Postby PyMD5 » Fri Sep 09, 2016 4:57 am

wavic wrote:
PyMD5 wrote:Actually, I'm working on that. I found that with a list comprehension, it greatly sped up the process with a small range of IP addresses, but as the list grew, it'd consume all memory and slow to a crawl... so I'm combining my current code with a list comprehension that only runs on a million IP addresses at a time, wrapped in a for loop that increments by one million. If it works, that should just about double the speed of this thing.

Hm! All that indexing... Is there a way to avoid that? Doesn't this slow down the program?
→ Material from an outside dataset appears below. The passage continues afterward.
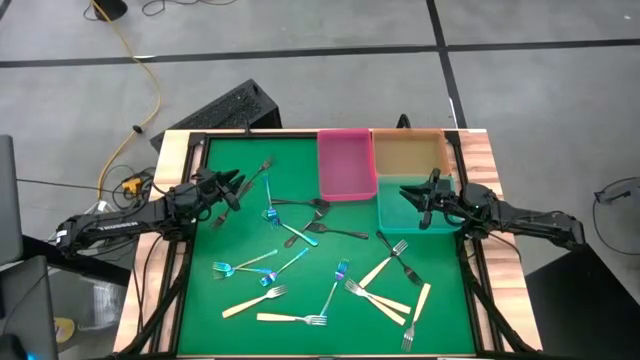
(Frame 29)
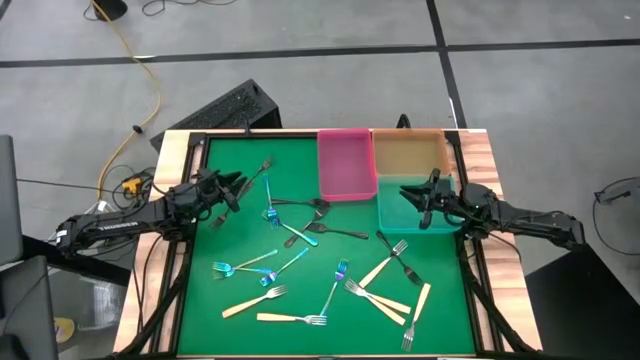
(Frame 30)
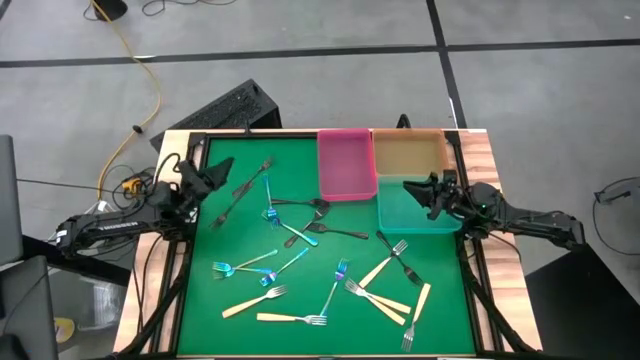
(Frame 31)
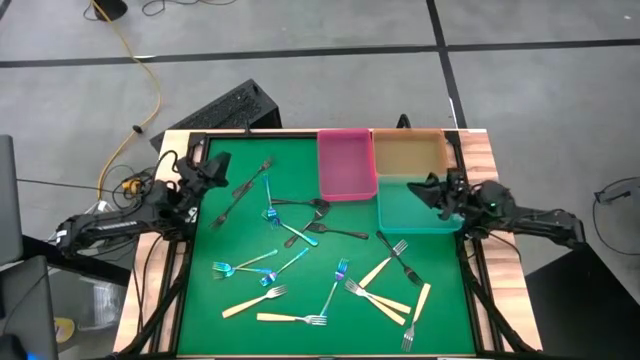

Yeah, it does. In order to keep the list comprehension fast, it has to be really small, which means it's looping through the rest of the code more often, which slows it down... a Catch-22 I couldn't resolve.

I'm trying something else, creating a bunch of MD5 hashes all at once, chucking them into an array, then comparing the known hashes to that array. I'm testing that code now. It's doing about 2 million IP addresses per minute per process right now, but I've got more tweaking to do.

Today I learned how to make multiple commands in a single list comprehension:
[[print('%s\t%s' % (entry1,ipcount+int(entry2[:-32]))),hashinput.remove(entry1)] for entry1 in hashlocal for entry2 in h if entry1 == entry2[-32:]]

That only runs once every two million IP addresses, so it doesn't slow things down much.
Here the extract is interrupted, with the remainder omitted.